The quality of the answers by the LLM are significantly shaped by several factors: the system prompts, LLM parameters (such as temperature, max tokens, ..), chunk size, and the indexing method's robustness.

Every single of the above parameters influences the outcome by a lot. The only way to improve the outcome is to assess the results by influencing the parameters. To structure this process, you can make use of PromptFlow. PromptFlow allows you to repeat this LLM tweaking process, keeping track of the quality of the results per configuration.

Responsible AI

When deploying an application that is making use of generative AI; adhering to Responsible AI Principles is crucial. These Microsoft principles guide the ethical and safe use of AI technologies. https://learn.microsoft.com/en-us/legal/cognitive-services/openai/overview

A key advantage of utilizing Azure OpenAI endpoints is the built-in safety content filters provided by Microsoft. These filters function by processing both the input prompts and the generated outputs through a sophisticated array of classification models. The goal is to identify and mitigate the risk of producing any content that could be deemed harmful.

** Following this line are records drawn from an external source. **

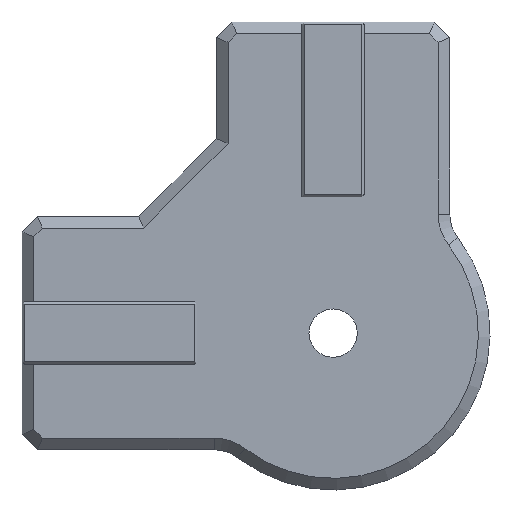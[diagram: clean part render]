
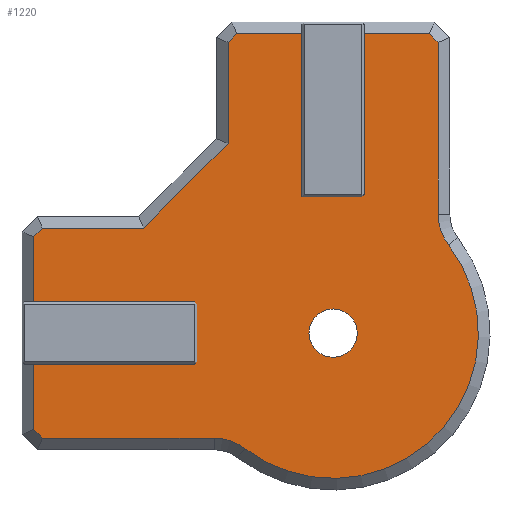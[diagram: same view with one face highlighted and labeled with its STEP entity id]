
A CAD part, front view. The second image highlights one B-rep face of the part: STEP entity #1220.
In plain terms, the highlighted planar face has unit normal (0, -1, 0).
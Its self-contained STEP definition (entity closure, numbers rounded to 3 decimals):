
#26=FACE_BOUND('',#122,.T.);
#44=FACE_OUTER_BOUND('',#121,.T.);
#121=EDGE_LOOP('',(#878,#879,#880,#881,#882,#883,#884,#885,#886,#887,#888,
#889,#890,#891,#892,#893,#894,#895,#896,#897,#898,#899,#900,#901,#902));
#122=EDGE_LOOP('',(#903));
#186=CIRCLE('',#1301,3.1);
#192=CIRCLE('',#1322,6.5);
#193=CIRCLE('',#1323,18.678);
#194=CIRCLE('',#1324,6.5);
#254=LINE('',#1868,#414);
#255=LINE('',#1870,#415);
#256=LINE('',#1872,#416);
#257=LINE('',#1874,#417);
#258=LINE('',#1876,#418);
#259=LINE('',#1878,#419);
#260=LINE('',#1880,#420);
#261=LINE('',#1882,#421);
#262=LINE('',#1884,#422);
#263=LINE('',#1886,#423);
#264=LINE('',#1888,#424);
#265=LINE('',#1890,#425);
#266=LINE('',#1892,#426);
#267=LINE('',#1894,#427);
#268=LINE('',#1896,#428);
#269=LINE('',#1898,#429);
#270=LINE('',#1906,#430);
#271=LINE('',#1908,#431);
#272=LINE('',#1910,#432);
#273=LINE('',#1912,#433);
#274=LINE('',#1914,#434);
#275=LINE('',#1915,#435);
#414=VECTOR('',#1502,1000.);
#415=VECTOR('',#1503,1000.);
#416=VECTOR('',#1504,1000.);
#417=VECTOR('',#1505,1000.);
#418=VECTOR('',#1506,1000.);
#419=VECTOR('',#1507,1000.);
#420=VECTOR('',#1508,1000.);
#421=VECTOR('',#1509,1000.);
#422=VECTOR('',#1510,1000.);
#423=VECTOR('',#1511,1000.);
#424=VECTOR('',#1512,1000.);
#425=VECTOR('',#1513,1000.);
#426=VECTOR('',#1514,1000.);
#427=VECTOR('',#1515,1000.);
#428=VECTOR('',#1516,1000.);
#429=VECTOR('',#1517,1000.);
#430=VECTOR('',#1524,1000.);
#431=VECTOR('',#1525,1000.);
#432=VECTOR('',#1526,1000.);
#433=VECTOR('',#1527,1000.);
#434=VECTOR('',#1528,1000.);
#435=VECTOR('',#1529,1000.);
#532=VERTEX_POINT('',#1764);
#567=VERTEX_POINT('',#1866);
#568=VERTEX_POINT('',#1867);
#569=VERTEX_POINT('',#1869);
#570=VERTEX_POINT('',#1871);
#571=VERTEX_POINT('',#1873);
#572=VERTEX_POINT('',#1875);
#573=VERTEX_POINT('',#1877);
#574=VERTEX_POINT('',#1879);
#575=VERTEX_POINT('',#1881);
#576=VERTEX_POINT('',#1883);
#577=VERTEX_POINT('',#1885);
#578=VERTEX_POINT('',#1887);
#579=VERTEX_POINT('',#1889);
#580=VERTEX_POINT('',#1891);
#581=VERTEX_POINT('',#1893);
#582=VERTEX_POINT('',#1895);
#583=VERTEX_POINT('',#1897);
#584=VERTEX_POINT('',#1899);
#585=VERTEX_POINT('',#1901);
#586=VERTEX_POINT('',#1903);
#587=VERTEX_POINT('',#1905);
#588=VERTEX_POINT('',#1907);
#589=VERTEX_POINT('',#1909);
#590=VERTEX_POINT('',#1911);
#591=VERTEX_POINT('',#1913);
#634=EDGE_CURVE('',#532,#532,#186,.T.);
#685=EDGE_CURVE('',#567,#568,#254,.T.);
#686=EDGE_CURVE('',#568,#569,#255,.T.);
#687=EDGE_CURVE('',#569,#570,#256,.T.);
#688=EDGE_CURVE('',#570,#571,#257,.T.);
#689=EDGE_CURVE('',#571,#572,#258,.T.);
#690=EDGE_CURVE('',#572,#573,#259,.T.);
#691=EDGE_CURVE('',#573,#574,#260,.T.);
#692=EDGE_CURVE('',#574,#575,#261,.T.);
#693=EDGE_CURVE('',#575,#576,#262,.T.);
#694=EDGE_CURVE('',#576,#577,#263,.T.);
#695=EDGE_CURVE('',#578,#577,#264,.T.);
#696=EDGE_CURVE('',#578,#579,#265,.T.);
#697=EDGE_CURVE('',#579,#580,#266,.T.);
#698=EDGE_CURVE('',#580,#581,#267,.T.);
#699=EDGE_CURVE('',#581,#582,#268,.T.);
#700=EDGE_CURVE('',#582,#583,#269,.T.);
#701=EDGE_CURVE('',#583,#584,#192,.T.);
#702=EDGE_CURVE('',#584,#585,#193,.T.);
#703=EDGE_CURVE('',#585,#586,#194,.T.);
#704=EDGE_CURVE('',#586,#587,#270,.T.);
#705=EDGE_CURVE('',#587,#588,#271,.T.);
#706=EDGE_CURVE('',#588,#589,#272,.T.);
#707=EDGE_CURVE('',#589,#590,#273,.T.);
#708=EDGE_CURVE('',#590,#591,#274,.T.);
#709=EDGE_CURVE('',#567,#591,#275,.T.);
#878=ORIENTED_EDGE('',*,*,#685,.T.);
#879=ORIENTED_EDGE('',*,*,#686,.T.);
#880=ORIENTED_EDGE('',*,*,#687,.T.);
#881=ORIENTED_EDGE('',*,*,#688,.T.);
#882=ORIENTED_EDGE('',*,*,#689,.T.);
#883=ORIENTED_EDGE('',*,*,#690,.T.);
#884=ORIENTED_EDGE('',*,*,#691,.T.);
#885=ORIENTED_EDGE('',*,*,#692,.T.);
#886=ORIENTED_EDGE('',*,*,#693,.T.);
#887=ORIENTED_EDGE('',*,*,#694,.T.);
#888=ORIENTED_EDGE('',*,*,#695,.F.);
#889=ORIENTED_EDGE('',*,*,#696,.T.);
#890=ORIENTED_EDGE('',*,*,#697,.T.);
#891=ORIENTED_EDGE('',*,*,#698,.T.);
#892=ORIENTED_EDGE('',*,*,#699,.T.);
#893=ORIENTED_EDGE('',*,*,#700,.T.);
#894=ORIENTED_EDGE('',*,*,#701,.T.);
#895=ORIENTED_EDGE('',*,*,#702,.T.);
#896=ORIENTED_EDGE('',*,*,#703,.T.);
#897=ORIENTED_EDGE('',*,*,#704,.T.);
#898=ORIENTED_EDGE('',*,*,#705,.T.);
#899=ORIENTED_EDGE('',*,*,#706,.T.);
#900=ORIENTED_EDGE('',*,*,#707,.T.);
#901=ORIENTED_EDGE('',*,*,#708,.T.);
#902=ORIENTED_EDGE('',*,*,#709,.F.);
#903=ORIENTED_EDGE('',*,*,#634,.F.);
#1149=PLANE('',#1321);
#1220=ADVANCED_FACE('',(#44,#26),#1149,.T.);
#1301=AXIS2_PLACEMENT_3D('',#1766,#1415,#1416);
#1321=AXIS2_PLACEMENT_3D('',#1865,#1500,#1501);
#1322=AXIS2_PLACEMENT_3D('',#1900,#1518,#1519);
#1323=AXIS2_PLACEMENT_3D('',#1902,#1520,#1521);
#1324=AXIS2_PLACEMENT_3D('',#1904,#1522,#1523);
#1415=DIRECTION('center_axis',(0.,-1.,0.));
#1416=DIRECTION('ref_axis',(1.,0.,0.));
#1500=DIRECTION('center_axis',(0.,-1.,0.));
#1501=DIRECTION('ref_axis',(1.,0.,0.));
#1502=DIRECTION('',(0.,0.,1.));
#1503=DIRECTION('',(-1.,0.,0.));
#1504=DIRECTION('',(-0.707,0.,-0.707));
#1505=DIRECTION('',(0.,0.,-1.));
#1506=DIRECTION('',(-0.707,0.,-0.707));
#1507=DIRECTION('',(-1.,0.,0.));
#1508=DIRECTION('',(-0.707,0.,-0.707));
#1509=DIRECTION('',(0.,0.,-1.));
#1510=DIRECTION('',(1.,0.,0.));
#1511=DIRECTION('',(0.707,0.,-0.707));
#1512=DIRECTION('',(0.,0.,1.));
#1513=DIRECTION('',(-0.707,0.,-0.707));
#1514=DIRECTION('',(-1.,0.,0.));
#1515=DIRECTION('',(0.,0.,-1.));
#1516=DIRECTION('',(0.707,0.,-0.707));
#1517=DIRECTION('',(1.,0.,0.));
#1518=DIRECTION('center_axis',(0.,1.,0.));
#1519=DIRECTION('ref_axis',(1.,0.,0.));
#1520=DIRECTION('center_axis',(0.,-1.,0.));
#1521=DIRECTION('ref_axis',(1.,0.,0.));
#1522=DIRECTION('center_axis',(0.,1.,0.));
#1523=DIRECTION('ref_axis',(1.,0.,0.));
#1524=DIRECTION('',(0.,0.,1.));
#1525=DIRECTION('',(-0.707,0.,0.707));
#1526=DIRECTION('',(-1.,0.,0.));
#1527=DIRECTION('',(0.,0.,-1.));
#1528=DIRECTION('',(-0.707,0.,-0.707));
#1529=DIRECTION('',(1.,0.,0.));
#1764=CARTESIAN_POINT('',(255.,15.,-338.1));
#1766=CARTESIAN_POINT('Origin',(255.,15.,-335.));
#1865=CARTESIAN_POINT('Origin',(239.706,15.,-355.));
#1866=CARTESIAN_POINT('',(251.,15.,-317.5));
#1867=CARTESIAN_POINT('',(251.,15.,-296.5));
#1868=CARTESIAN_POINT('',(251.,15.,-355.));
#1869=CARTESIAN_POINT('',(242.621,15.,-296.5));
#1870=CARTESIAN_POINT('',(239.706,15.,-296.5));
#1871=CARTESIAN_POINT('',(241.5,15.,-297.621));
#1872=CARTESIAN_POINT('',(211.914,15.,-327.208));
#1873=CARTESIAN_POINT('',(241.5,15.,-310.621));
#1874=CARTESIAN_POINT('',(241.5,15.,-355.));
#1875=CARTESIAN_POINT('',(230.621,15.,-321.5));
#1876=CARTESIAN_POINT('',(218.414,15.,-333.708));
#1877=CARTESIAN_POINT('',(217.621,15.,-321.5));
#1878=CARTESIAN_POINT('',(239.706,15.,-321.5));
#1879=CARTESIAN_POINT('',(216.5,15.,-322.621));
#1880=CARTESIAN_POINT('',(211.914,15.,-327.208));
#1881=CARTESIAN_POINT('',(216.5,15.,-331.));
#1882=CARTESIAN_POINT('',(216.5,15.,-355.));
#1883=CARTESIAN_POINT('',(237.2,15.,-331.));
#1884=CARTESIAN_POINT('',(239.706,15.,-331.));
#1885=CARTESIAN_POINT('',(237.5,15.,-331.3));
#1886=CARTESIAN_POINT('',(263.1,15.,-356.9));
#1887=CARTESIAN_POINT('',(237.5,15.,-338.7));
#1888=CARTESIAN_POINT('',(237.5,15.,-339.));
#1889=CARTESIAN_POINT('',(237.2,15.,-339.));
#1890=CARTESIAN_POINT('',(248.1,15.,-328.1));
#1891=CARTESIAN_POINT('',(216.5,15.,-339.));
#1892=CARTESIAN_POINT('',(239.706,15.,-339.));
#1893=CARTESIAN_POINT('',(216.5,15.,-347.379));
#1894=CARTESIAN_POINT('',(216.5,15.,-355.));
#1895=CARTESIAN_POINT('',(217.621,15.,-348.5));
#1896=CARTESIAN_POINT('',(231.914,15.,-362.792));
#1897=CARTESIAN_POINT('',(239.706,15.,-348.5));
#1898=CARTESIAN_POINT('',(239.706,15.,-348.5));
#1899=CARTESIAN_POINT('',(243.654,15.,-349.837));
#1900=CARTESIAN_POINT('Origin',(239.706,15.,-355.));
#1901=CARTESIAN_POINT('',(269.837,15.,-323.654));
#1902=CARTESIAN_POINT('Origin',(255.,15.,-335.));
#1903=CARTESIAN_POINT('',(268.5,15.,-319.706));
#1904=CARTESIAN_POINT('Origin',(275.,15.,-319.706));
#1905=CARTESIAN_POINT('',(268.5,15.,-297.621));
#1906=CARTESIAN_POINT('',(268.5,15.,-355.));
#1907=CARTESIAN_POINT('',(267.379,15.,-296.5));
#1908=CARTESIAN_POINT('',(282.792,15.,-311.914));
#1909=CARTESIAN_POINT('',(259.,15.,-296.5));
#1910=CARTESIAN_POINT('',(239.706,15.,-296.5));
#1911=CARTESIAN_POINT('',(259.,15.,-317.2));
#1912=CARTESIAN_POINT('',(259.,15.,-355.));
#1913=CARTESIAN_POINT('',(258.7,15.,-317.5));
#1914=CARTESIAN_POINT('',(248.1,15.,-328.1));
#1915=CARTESIAN_POINT('',(251.,15.,-317.5));

Future of the project and GenAI

Triggered by the above? Feel free to explore yourself on: github.com/azure/nerdland-copilot.

The journey of developing this custom Assistantwas a time-constrained endeavor that laid the groundwork for a basic yet functional system. The possibilities for expansion and enhancement are endless, with potential future enhancements including:

Integration of models like GPT-4o: Enabling speech-based interactions with the bot, offering a more dynamic and accessible user experience.
Data enrichment: Incorporating a broader spectrum of (external) data to enrich the chatbot's knowledge base and response accuracy.
Quality optimization: Embedding LLMOps (for example with: PromptFlow) into the application's core to fine-tune the LLM's performance, coupled with leveraging real-time user feedback for continuous improvement.
Incorporating graph libraries would enable the AI to present answers that are not only informative but also visually compelling, particularly for responses that involve statistical analysis. This would make data interpretation more intuitive for users.
Embracing the adage that "a picture is worth a thousand words," integrating the ability for the AI to communicate through images and videos could improve the way we interact with the technology.
The concept of creating a podcast from scratch by combining various topics is an exciting prospect. It would allow for the generation of unique and diverse content, tailored to the interests and preferences of the individual. A possible way of achieving this might be with the use of “agents”. An agent being a specific task for an LLM (one specific model/prompt/..) This requires a setup where multiple “agents” work together.